I stare at the invitation in my hand. How has it been 10 years already? 10 years since I left school and stepped into the abyss known to man as adulthood. It felt like only yesterday when I was wandering the halls, chatting to everyone and coming up with crap excuses as to why I hadn't done the homework.

It's fair to say that in High School, I was one of the popular ones. Wherever I went, there would always be a large crowd around me, hanging onto my every word. It was great, it was nice to feel wanted and that people would actually notice if I suddenly wasn't around. It definitely made each day exciting, as a big group meant more drama and back then, I LOVED drama. Whether it was breakups, fights or whatever, I lived for it. Of course, I wasn't a total bitch like I'm making myself sound. If someone was crying, panicking or just generally down, I'd be there to comfort them. I hated anybody being sad, so I would go out of my way to bring their mood up or to make them feel a tiny bit better. I think that's another reason as to why I was so popular, I did genuinely care about everyone.

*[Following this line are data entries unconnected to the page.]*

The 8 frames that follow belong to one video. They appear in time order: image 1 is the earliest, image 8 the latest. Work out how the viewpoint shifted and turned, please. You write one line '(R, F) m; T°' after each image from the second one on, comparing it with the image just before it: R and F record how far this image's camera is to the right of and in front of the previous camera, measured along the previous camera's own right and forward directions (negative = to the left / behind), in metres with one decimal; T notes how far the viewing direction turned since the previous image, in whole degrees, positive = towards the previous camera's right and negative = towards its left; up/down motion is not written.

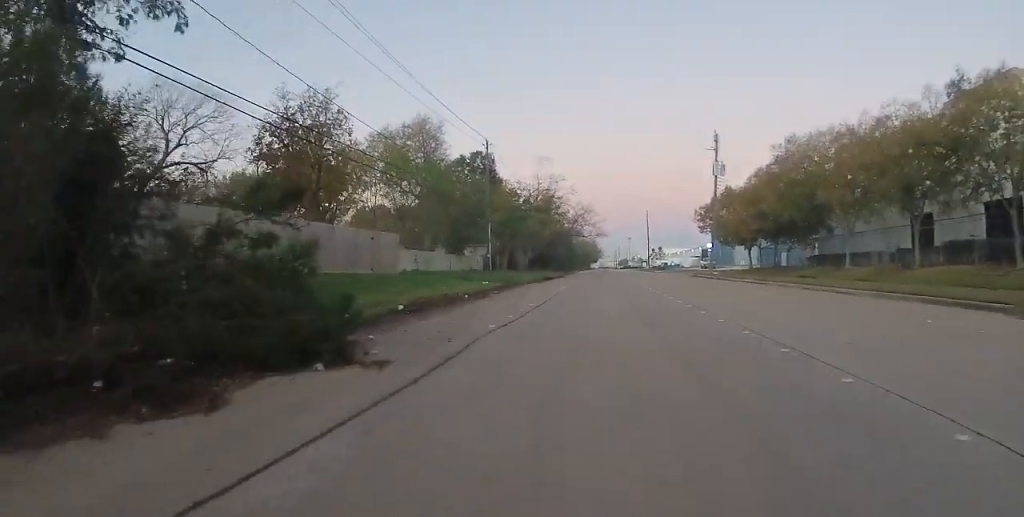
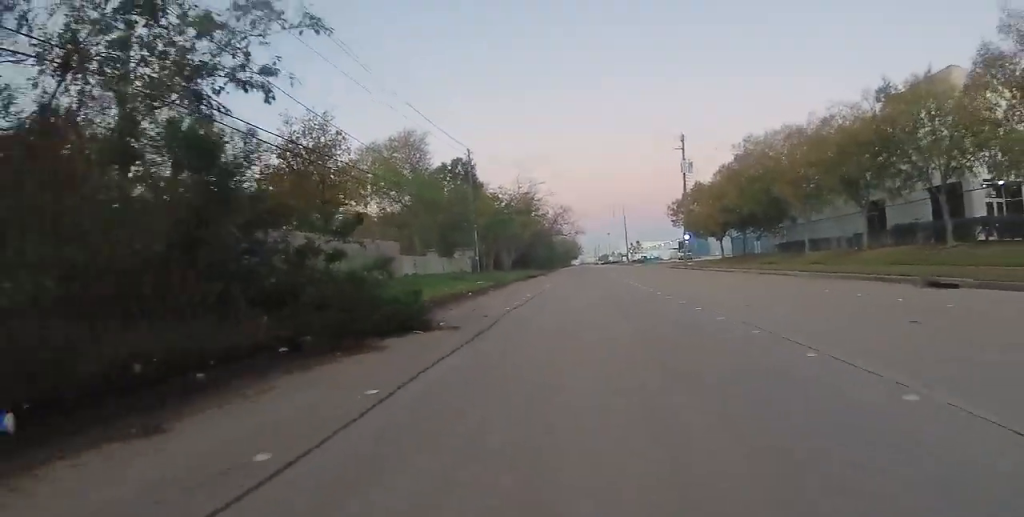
(0.0, +3.5) m; +1°
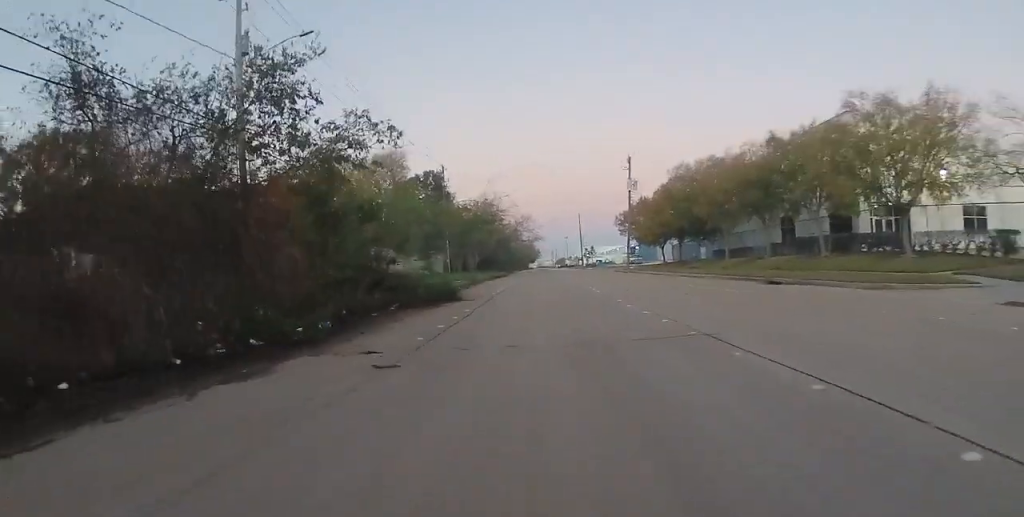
(+0.6, +8.2) m; +4°
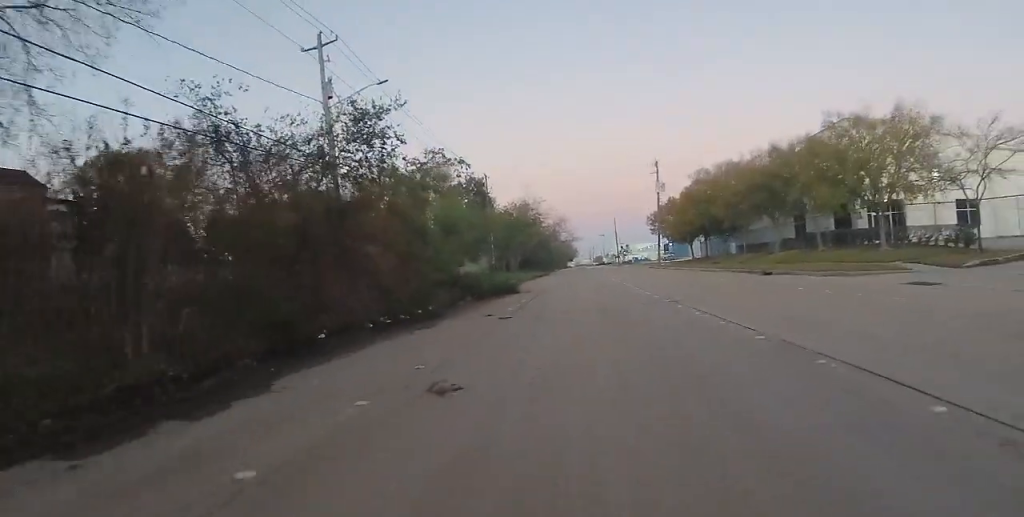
(0.0, +5.3) m; 0°
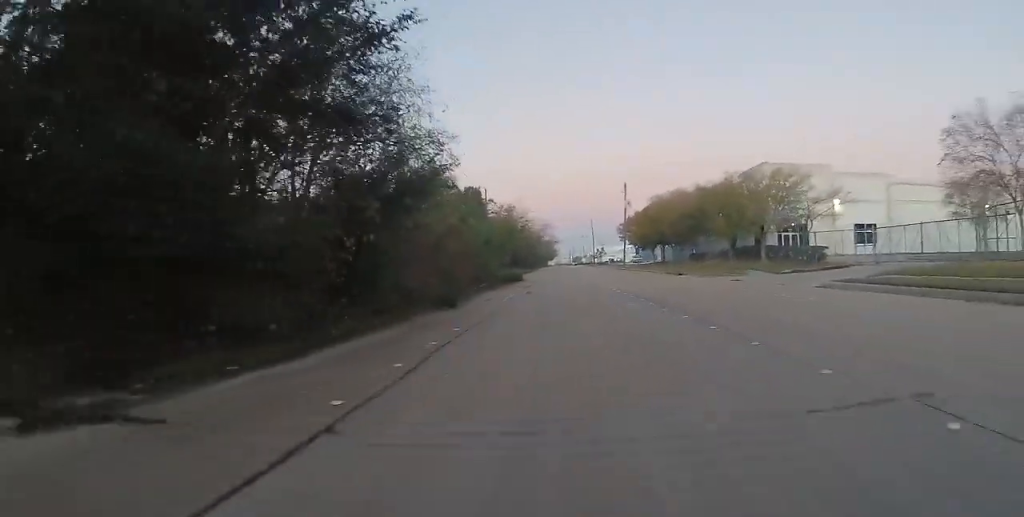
(0.0, +15.4) m; 0°
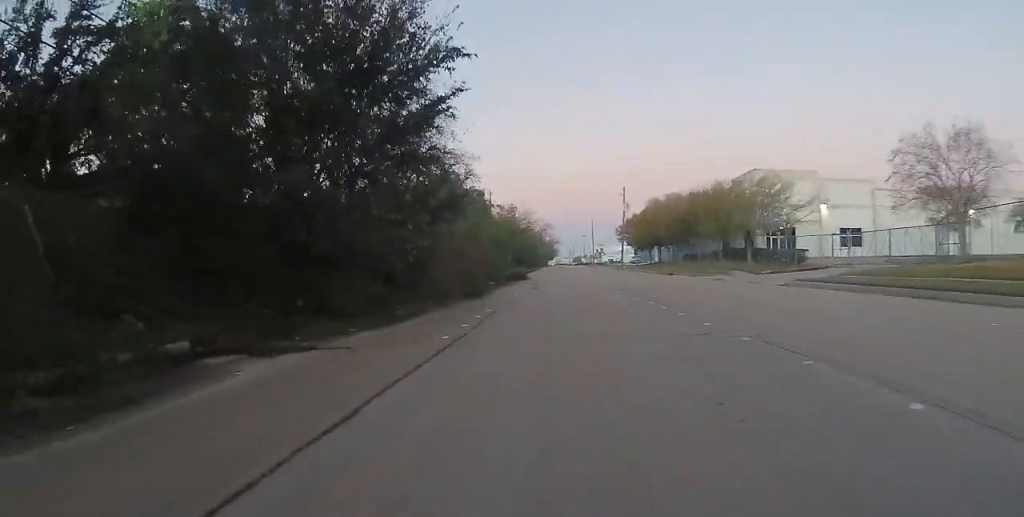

However, when I left High School everything changed. We all went our separate ways, promising to stay in touch and arrange regular meet ups. But the reality is, it doesn't last long, if at all. At the time, of course, we genuinely meant it. We were under the impression that we'd all be friends forever and ever, connected with the strong bond we'd built up over the years. The reality is, you make new friends and settle into new routines, so you have less time to dwell on the past. I've managed to stay in touch with some people, but it's a mere amount compared to how many friends I had in High School. At first it hurt, but as you get older you realise that it's one of those things, it sucks but then again, that's life. 

I turn the envelope over in my hands, wondering who will actually turn up and if so, what will they all be like. Will David have become the Doctor he always dreamed of being? Will Emily have become a lawyer? From Facebook, I've seen that quite a lot of my friends are married and some even have kids. I stare at my bare engagement ring finger and can't help but feel a pang of sadness. Until a few months ago, I was in a relationship and I genuinely thought we were reaching a stage where we would become engaged, but it wasn't meant to be. The truth is, I've never really recovered from the 'crush' I had in High School, Brendon. Out of the whole friendship group, he was the one I was closest with. We knew what each other was thinking without even having to say anything, we had such a strong bond. We would spend hours together, watching movies or listening to music. For me, music was a hobby but for him, it was his life. In class, he would jot down random lyrics and then when he got home, he would pile them together and create songs. So, it came as no surprise to anyone when we found out he'd joined a band and they'd become very successful. Even now when I hear them on the radio, tears fill my eyes because I genuinely think I loved him, I just never had the guts to say anything to him.

I text my friend, Jess, to ask if she's going to the reunion. She confirms that she is and then goes into a rant about how excited she is and she can't wait to see what everyone's done with their lives. I, on the other hand, am not quite as ecstatic about it as she is. What have I really done with my life? I'm not married, I have no kids and I work in a grocery store after the school I'd worked out shut down. Not one single part of my life is anything to boast about, but I suppose it'll be nice to see everyone. I send a text to Jess, to tell her I'm going, which sends her off into yet another rant.

*Reunion Day*

I stare at myself in the mirror, wishing that my hair will suddenly become more voluminous as it looks so flat and lifeless. I've decided to wear a black dress that hugs my figure, which is the only thing that has remained the same. I've managed to retain the curves I had all those years ago, small mercies, hey? Realising that there's nothing more I can do to make myself look any better, I call a taxi and then make my way back to High School.